Y(s) where  = 1,2,3...

The range for x is 0 to infinite and
the range for y is 0 to n
Where n is the total number of components in the tv set


e.g 2
Fast food restaurant operates drive up and walk up
X is proportion of time for drive up in use (at least one customer is being served or waiting)
Y is walk up window is in used

Rx, 0 < = X <= 1
Ry, 0 < = Y <=1

The range must be between 1 and 0 because it is proportional of time use

This is continuous because it takes all values within the unit square

Joint probability density function

Joint probability functions for discrete random variables

Definition
Let (X,Y) be a 2 dim discrete random variable define on the sample space of an experiment.
We associate a number fxy (Xi, Yi) representing P(X= xi, Y =yi)
and it satisfy the following conditions:
1. fxy >= 0
2. The sum of fxy = 1


Joint probability function

The function is defined for all pairs of values

e.g 1
Find value of k so that the function 
fx,y = kxy for x = 1,2,3 and y = 1,2,3
can serve as a joint probability function

There are 3 possible values for each variables, thus there are a possible 9 combinations (3*3)

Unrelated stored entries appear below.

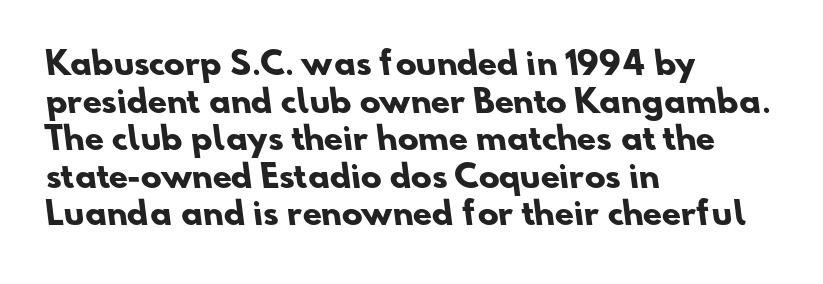
The image shows 31 px heavy sans-serif type; set left-aligned, line spacing 1.21x, normal letter spacing, not underlined; low stroke contrast and a small x-height.
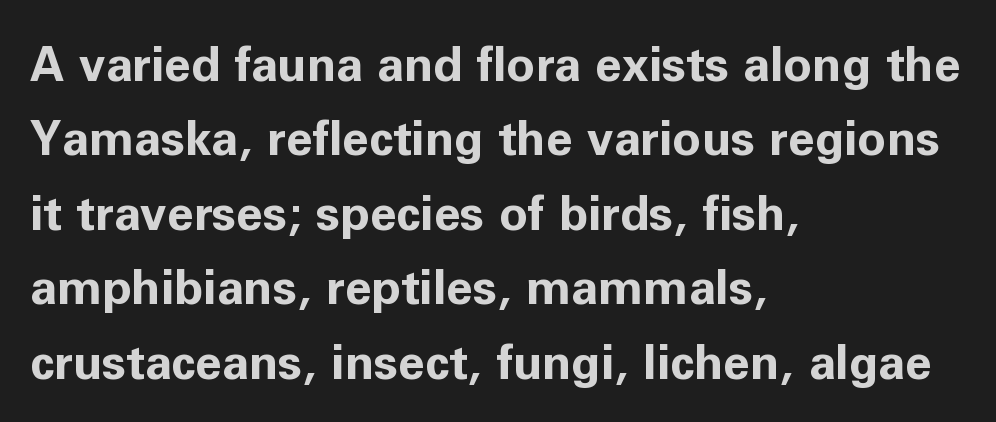
The image shows 48 px bold sans-serif type, upright; set left-aligned, normal line spacing (1.55x), normal letter spacing, not underlined; low stroke contrast and a medium x-height.
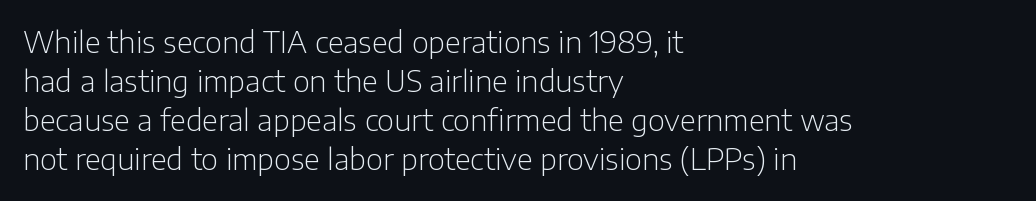
Q: Is the text bold? A: No.
Q: Is the text italic (slanted)? A: No, it is upright.
Q: Is the typeface a serif or a sans-serif typeface? A: Sans-serif.
Q: Is the text underlined? A: No.
Q: How is the paragraph aligned? A: Left-aligned.
Q: Is the spacing between letters normal or unusually wide? A: Normal.
Q: Is the spacing between lines tight, normal or loose? A: Normal.
Q: Width (condensed, normal, or wide)? A: Normal.
Q: Stroke contrast? A: Low.
Q: x-height? A: Medium.
Q: Monospaced? A: No.
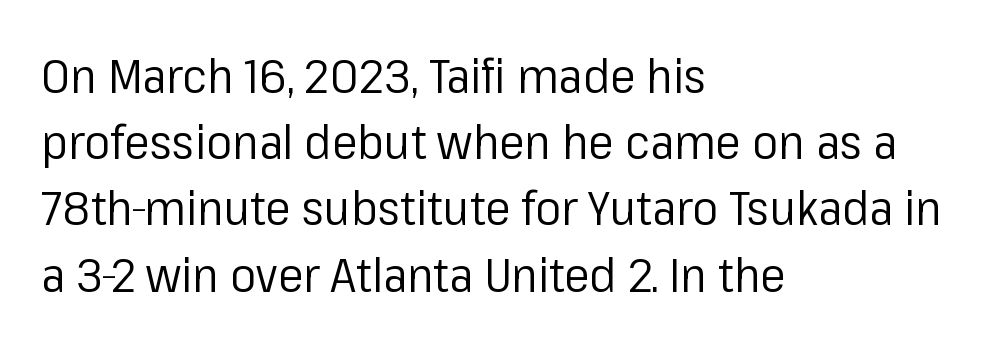
{"serif": "no", "italic": "no", "bold": "no", "weight": "regular", "width": "normal", "stroke_contrast": "low", "x_height": "medium", "monospaced": "no", "underline": "no", "align": "left", "line_spacing": "normal", "line_spacing_ratio": 1.38, "letter_spacing": "normal", "letter_spacing_em": 0.0, "glyph_px": 48}

We need to sum up all the probabilities, it will give us one
1k + 2k  +3k + 2k + 4k+ 6k+ 3k + 6k + 9k = 1
k = 1/36

How do we know when the f(x,y) is 0?
When the values are outside the range of the function (ie, x and y are wrong numbers)

e.g 2
A company has lines A and B which produce 5 and 3 machines respectively
Assume number of machiens produce is random variable
X = Line A
Y = Line B
What is the prob that more machine are produced by line A than by line B on a given day
We are finding:
P(X > Y)
We can find the answer by summing all probabilities where X is greater than Y
We do not bother what is the value of Y, just care only where X is greater than Y

Marginal probability is the sum of all the X when Y is a certain similiar number
ie when Y is 1, sum X1,X2,X3...

What is the conditional probability of X given Y when Y = 0 
F(X | Y = 0) where X has to be defined as a specific number

e.g 3
There are 9 exe, 4 are married, 3 are never married and 2 are divorce
3 of the exe are to be randomly selected for promotion

X is number of married 
Y are never married

Find joint probability function of X and Y
X = 0 ,1,2,3
Y = 0,1,2,3
We cannot have X = 0 and Y = 0 at the same time

The number to select 3 out of 9 is 9C3
The number of ways to select x exe from 4 married, y exe from 3 never married and the rest from divorce is
4Cx * 3Cy * 2C(3-x-7)
such that 1< = x+y < = 3
//this means that x and y must at least contribute 1
//x + y also cannot be bigger than 3 because the max is 3 people to be selected

f(x,y) = P(X = x , Y = y )
= 4Cx * 3Cy * 2C(3-x-7) / 9C3
such that 1< = x+y < = 3 holds true.

What if I add in a variable z to represent the divorce?
-> that is 3 dimension already, the formula does not hold true and it is very complicated
x+ y + z must be equal to 3

Joint probability function for continuous random variables


This must always hold:
1. fxy is greater or equal to 0
2. Integrating fx(x,y) dxdy = 1

When integrating, treat y as an constant.  Integrate with respect to y first.'
Does it matter if we integrate x or y first?
-> There might be some.. but it doesnt matter for this module (LOL)🤣
But if we take the right order, it may make the integration easier. Try to alternate who to integrate first.

e.g 1
P(X + Y >=1)

<Insert 3-23>

Look at the boundary of the pdf
Drawing it out, we can plot the area of the graph that we are looking for using the PDF

Looking at the probability,  we realised that we want the area of the graph that is above the line
x+y =1
However, there is no prob density function for this.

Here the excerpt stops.